I finally get it now :) One more question, why is the interval [math](0, \infty)[/math]? Is it because it because x can't be 0 because there's the intermediate step [math]\frac{d}{dx}[\frac{y}{x}][/math]?

 

[I like Serena]

I finally get it now :) One more question, why is the interval [math](0, \infty)[/math]? Is it because it because x can't be 0 because there's the intermediate step [math]\frac{d}{dx}[\frac{y}{x}][/math]?

Intermediate steps do not really count.
They can introduce new solutions, or "lose" solutions, such as in this case.
Ultimately, we have to check the solutions against the original equation and consider what should happen to all the solutions we inadvertently either introduced, or eliminated.

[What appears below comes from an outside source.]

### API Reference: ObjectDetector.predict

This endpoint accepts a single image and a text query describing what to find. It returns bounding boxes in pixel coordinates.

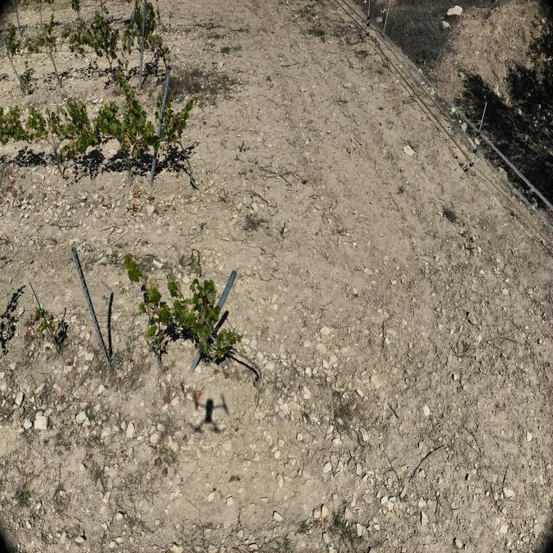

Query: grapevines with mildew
[122,251,259,381]
[25,301,76,364]

The domain of the solution is actually all of $\mathbb R$ and the constant $c$ can also take all real values.
We can tell by substituting the solution we found in the original equation.

The solution is:
$$y=cx-x\cos x \Rightarrow \d y x = c - \cos x + x\sin x$$
Substituting gives:
$$x\d yx - y = x(c - \cos x + x\sin x) - (cx-x\cos x) = x^2\sin x$$
So the solution satisfies the ODE for all values of $x$.
That is including $x=0$ for which the equation is well defined.